The most commonly raised explanation, from experts across the political spectrum, is that voters always put the most emphasis on issues that affect them directly. They say inflation, crime, gas prices and other things that people experience in their daily lives resonate more than abstract concepts like democracy.

Many left-leaning pundits have also made the case that in the two years since Trump attempted to overturn the election, Americans have become gradually desensitized to the GOP’s antidemocratic actions. Others blame the news media for treating the campaign to undermine democracy as just another partisan issue that should be viewed with the same “both sides” lens as debates over tax rates and health care policy.

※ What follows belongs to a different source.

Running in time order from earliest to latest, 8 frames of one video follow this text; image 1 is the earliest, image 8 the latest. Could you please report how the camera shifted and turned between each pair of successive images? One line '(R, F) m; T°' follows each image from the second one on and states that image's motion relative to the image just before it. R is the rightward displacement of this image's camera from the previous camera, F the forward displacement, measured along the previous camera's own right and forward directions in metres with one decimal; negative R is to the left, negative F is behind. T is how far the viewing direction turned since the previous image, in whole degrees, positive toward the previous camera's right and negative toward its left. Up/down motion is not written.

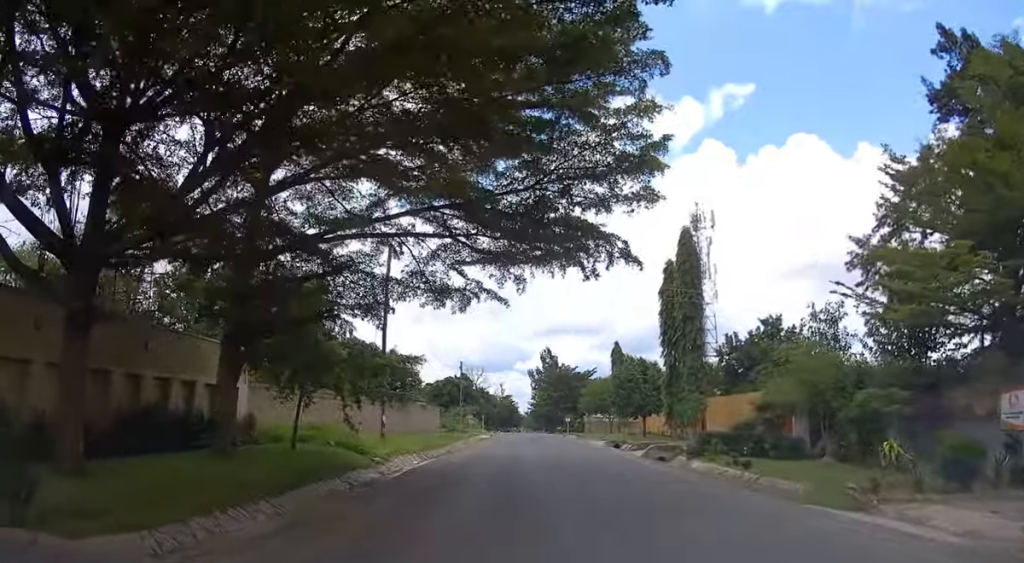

Many Republicans falsely believe that the 2020 election was stolen. But even among the minority of conservatives who accept that Joe Biden’s victory was legitimate, there’s a widely held view that Democrats have overstated how much danger the GOP poses to democracy — to the point where voters have largely tuned them out. Others on the right argue that Democrats forfeited any opportunity to make that case by allowing problems like inflation and crime to become such dominant issues.

What’s next

Most election-denying Republican candidates are running for seats in deep red districts and are expected to win comfortably. But some of the most consequential races are taking place in swing states like Pennsylvania, Arizona and Nevada and are expected to be extremely close come Election Day.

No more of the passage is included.